The Pope, the grandmother and the grandchild: faith without words
By Sergio Centofanti
As the Pope was passing by on his way to the meeting with young people and families in Iasi on Saturday afternoon, a proud grandmother held up her grandchild for him to bless. Pope Francis used that image to make a point at the end of his discourse.
Speaking off the cuff, he said:
“I am nearly finished, I have just one more paragraph, but I still want to tell you about an experience I had just as I was coming into the Square. There was an elderly lady, quite elderly, a grandmother. In her arms she held her grandchild, about two months old, not more. As I passed by, she showed me the child.

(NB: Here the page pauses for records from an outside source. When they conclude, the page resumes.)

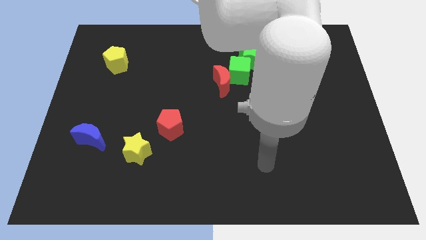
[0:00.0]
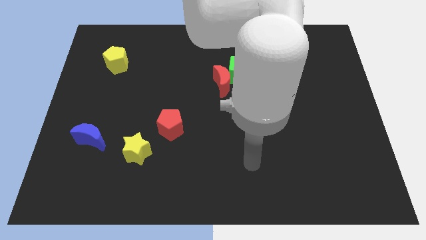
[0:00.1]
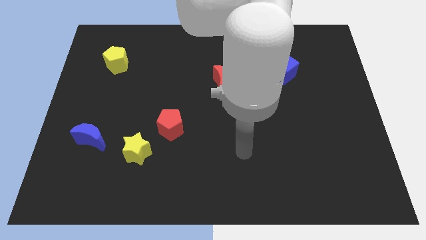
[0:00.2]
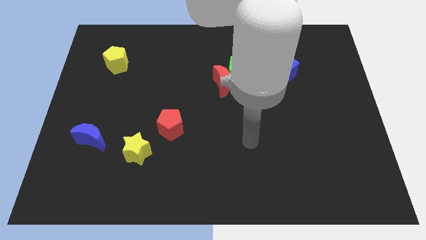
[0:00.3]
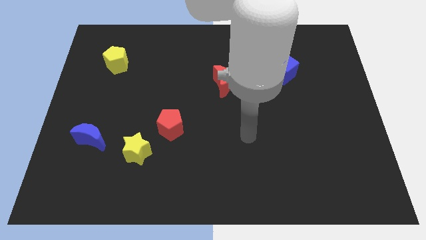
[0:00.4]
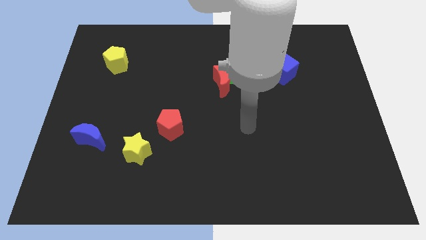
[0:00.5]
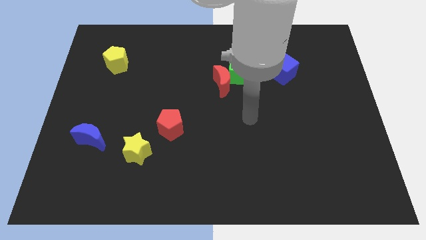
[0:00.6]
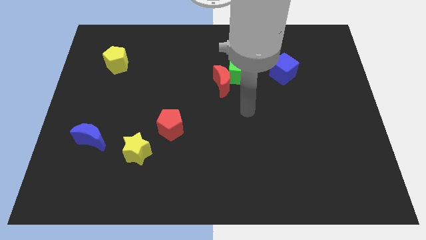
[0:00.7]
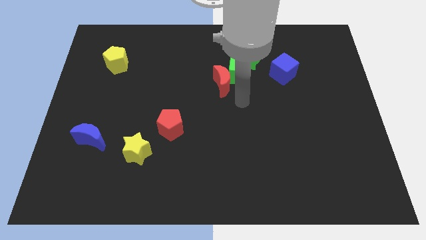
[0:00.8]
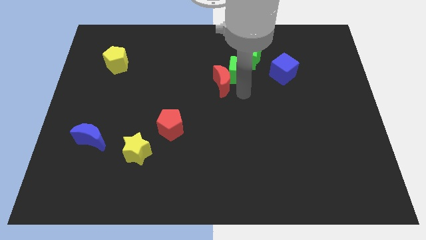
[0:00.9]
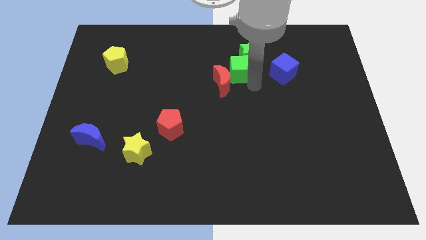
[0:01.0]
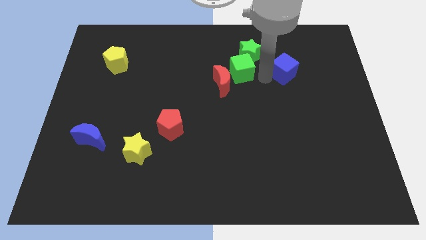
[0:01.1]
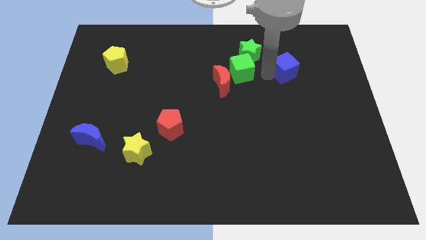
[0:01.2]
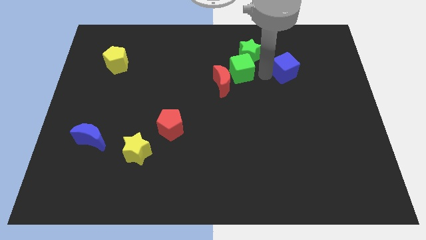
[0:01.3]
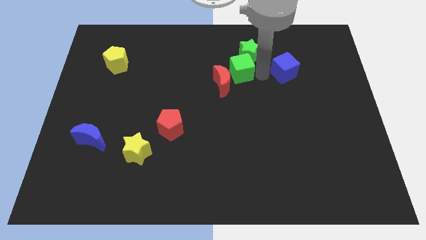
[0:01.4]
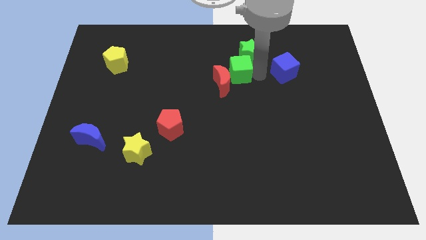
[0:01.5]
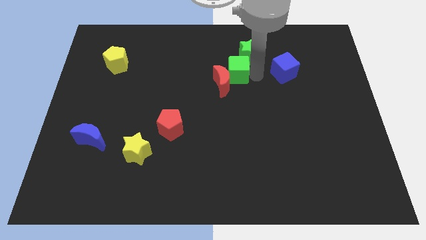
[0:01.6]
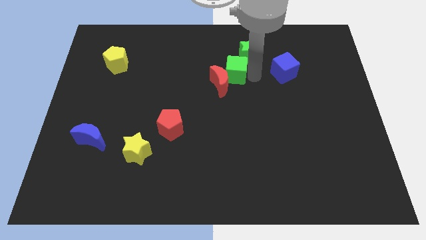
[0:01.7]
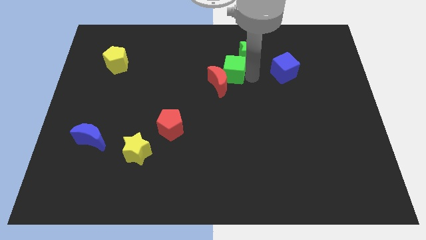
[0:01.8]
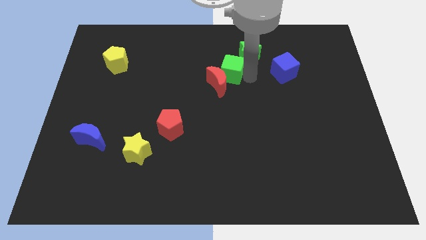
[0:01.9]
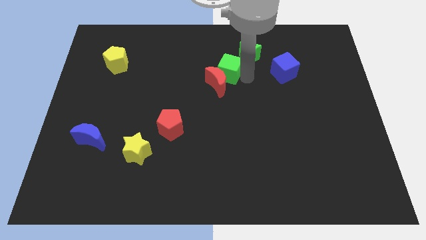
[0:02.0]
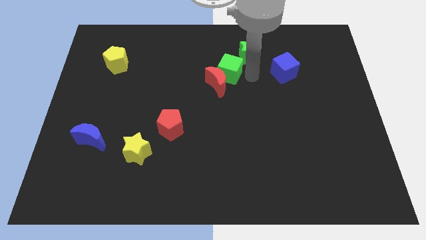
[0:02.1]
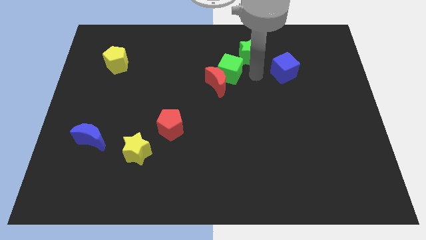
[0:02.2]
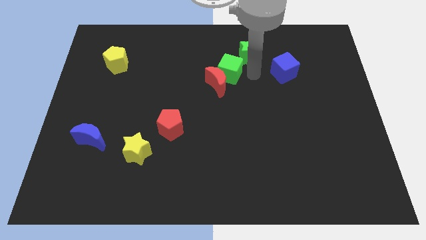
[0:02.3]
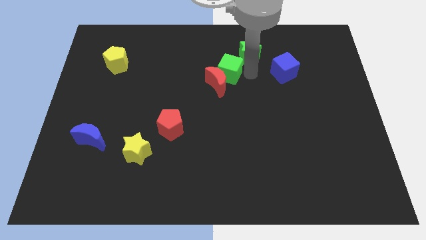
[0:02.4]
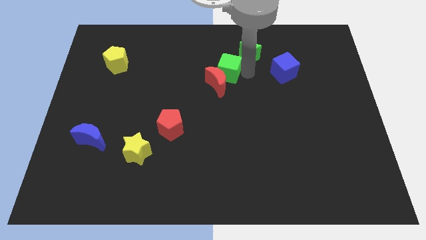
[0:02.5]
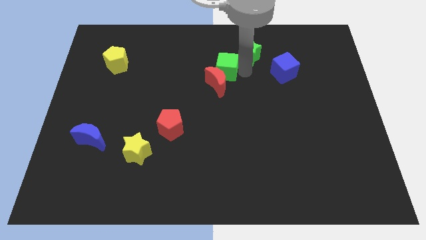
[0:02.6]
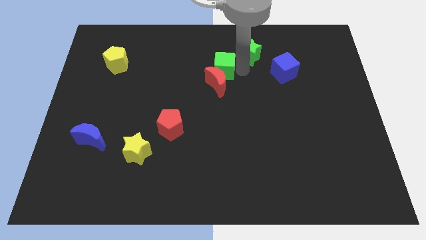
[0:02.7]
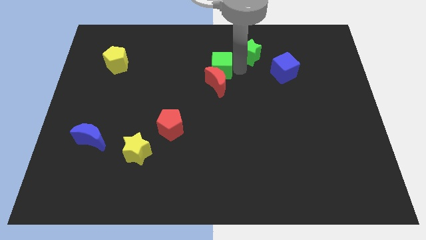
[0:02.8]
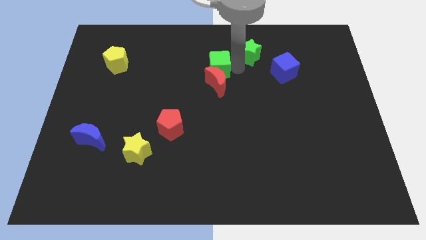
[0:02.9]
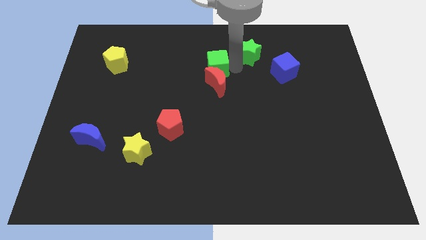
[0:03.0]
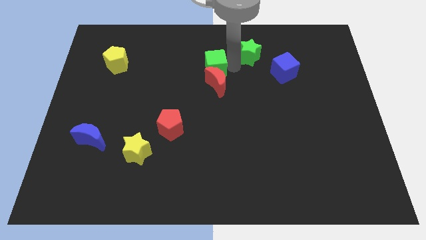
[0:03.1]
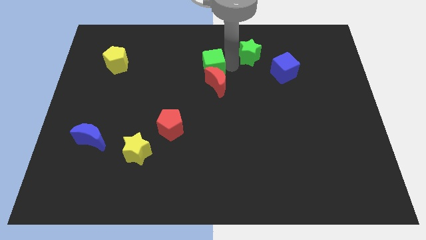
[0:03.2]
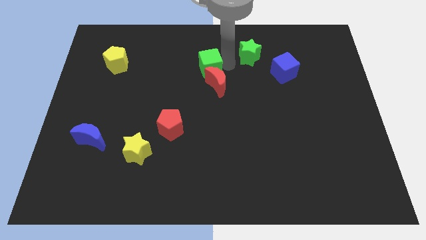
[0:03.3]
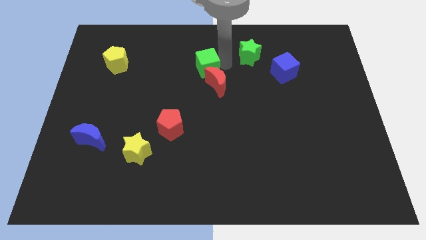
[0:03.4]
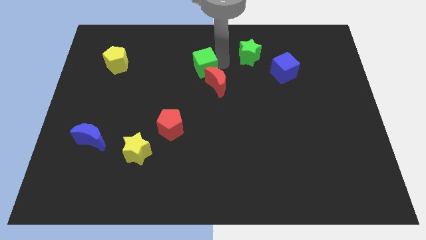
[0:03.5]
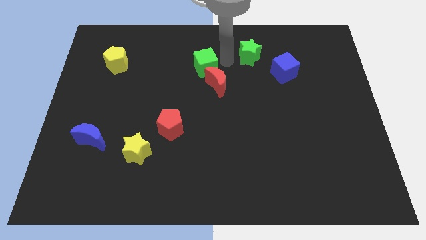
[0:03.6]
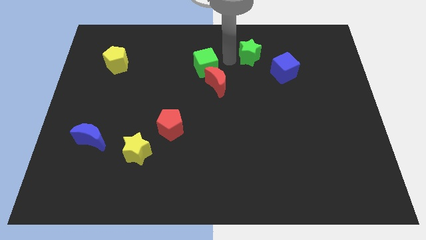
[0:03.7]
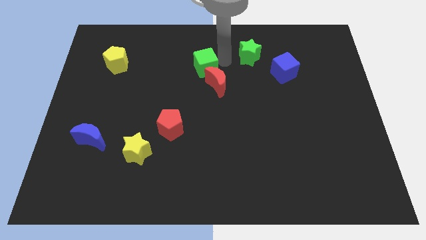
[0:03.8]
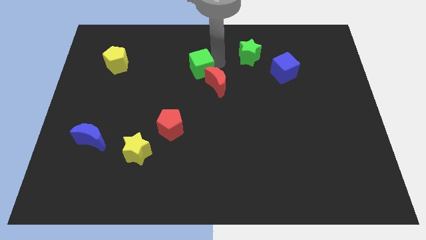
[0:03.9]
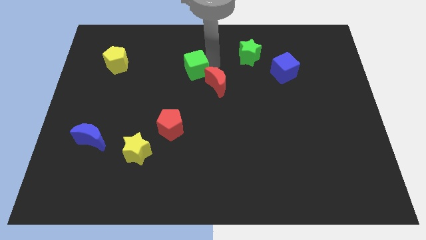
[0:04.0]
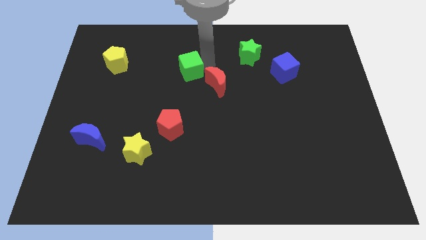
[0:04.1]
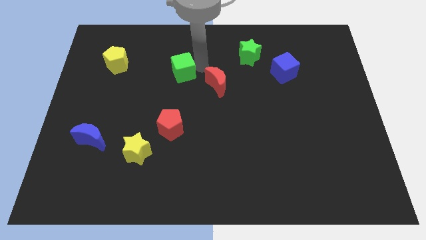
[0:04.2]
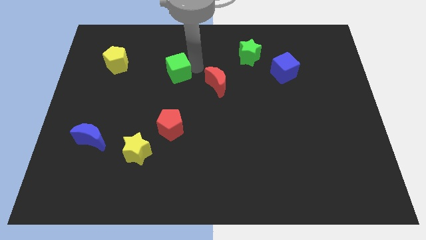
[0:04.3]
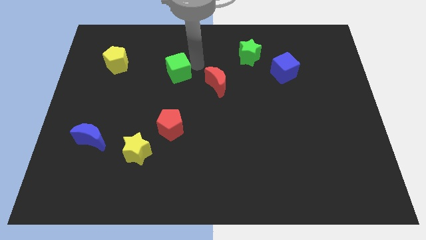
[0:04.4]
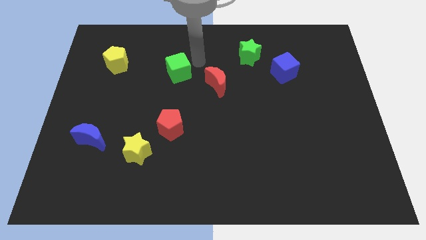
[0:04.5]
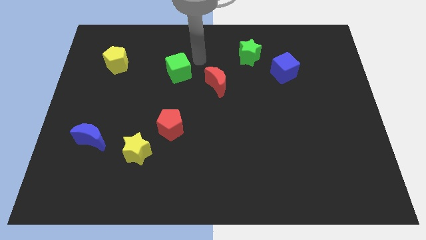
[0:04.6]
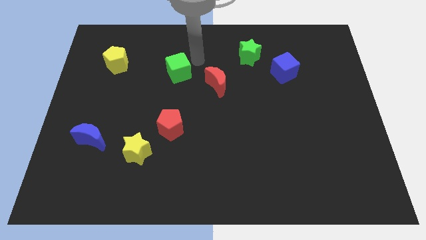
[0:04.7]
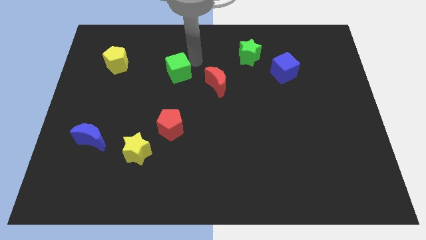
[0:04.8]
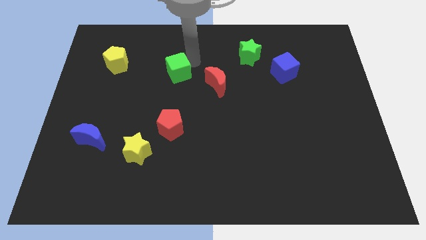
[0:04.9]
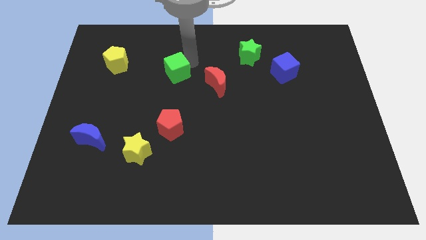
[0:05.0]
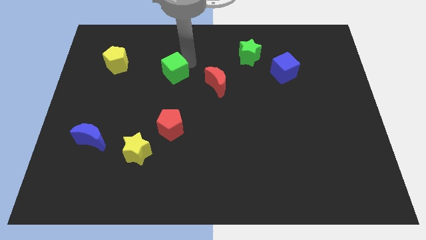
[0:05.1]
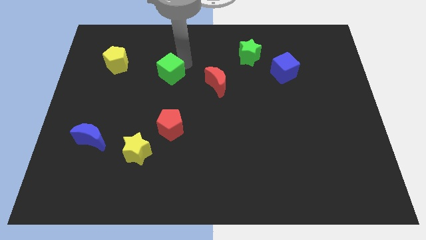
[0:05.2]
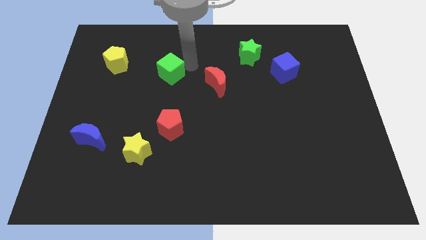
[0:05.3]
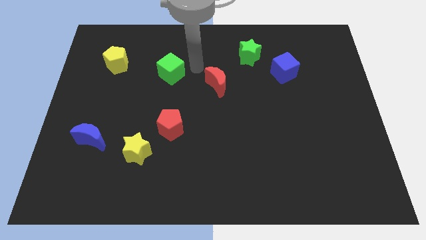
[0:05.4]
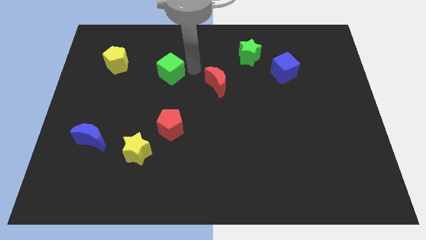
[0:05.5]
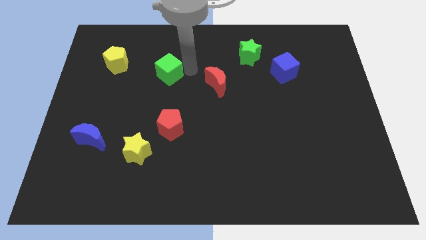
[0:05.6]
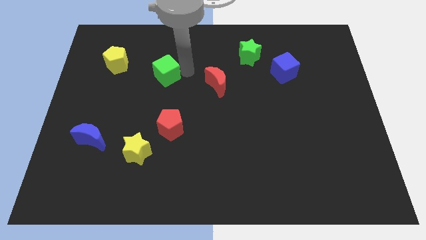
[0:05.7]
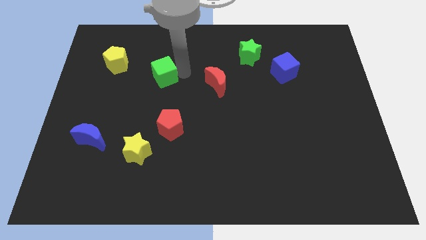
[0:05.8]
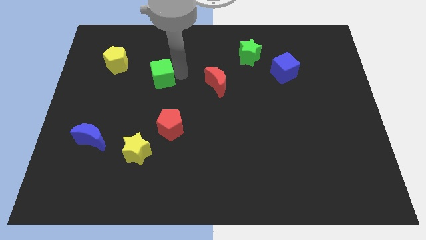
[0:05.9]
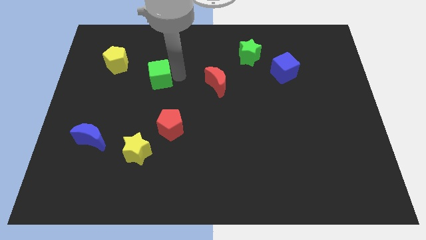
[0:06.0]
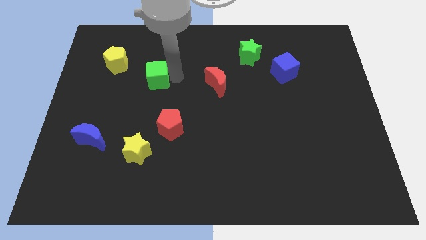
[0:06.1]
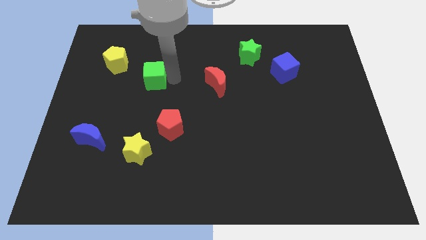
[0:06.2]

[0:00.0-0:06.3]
put the green cube diagonally down and to the right of the yellow pentagon

She smiled, it was a knowing smile, as if she was saying to me: “Look, now I can dream!” I was very moved in that moment and I didn’t have the courage to go and bring her up here (onto the stage). That’s why I am telling you. Grandparents dream when their grandchildren go forward, and grandchildren have courage when they take their roots from their grandparents”.
Earlier, during his prepared speech, the Pope told the young people present at the event: “As you continue to grow in every way – stronger, older and even in importance – do not forget the most beautiful and worthwhile lesson you learned at home. It is the wisdom that comes from age. When you grow up, do not forget your mother and your grandmother, and the simple but robust faith that gave them the strength and tenacity to keep going and not to give up. It is a reason for you to give thanks and to ask for the generosity, courage and selflessness of a “home-grown” faith that is unobtrusive, yet slowly but surely builds up the Kingdom of God”.
On other occasions, Pope Francis has recounted his personal experience with his own grandmother, Rosa, a woman of faith who came from a peasant family in Piedmont, Italy, and emigrated to Argentina to escape poverty. During the Pentecost Vigil of 2013, the Pope said it was his grandmother who first transmitted the Christian faith to him.
“I had the grace to grow up in a family where faith was lived in a simple and concrete way; but it was above all my grandmother, my father's mother, who marked my path of faith. She was a woman who explained to us, who spoke to us about Jesus, who taught us the Catechism. I always remember that on Good Friday evening she would take us to the candlelight procession, and at the end of this procession… my grandmother would make us children kneel, and she would say: "Look, he is dead, but tomorrow he will rise again". I received the first Christian announcement from this woman, from my grandmother! That's beautiful! The first announcement at home, with the family! And this makes me think of the love of many mothers and grandmothers in the transmission of the faith. It is they who transmit the faith”.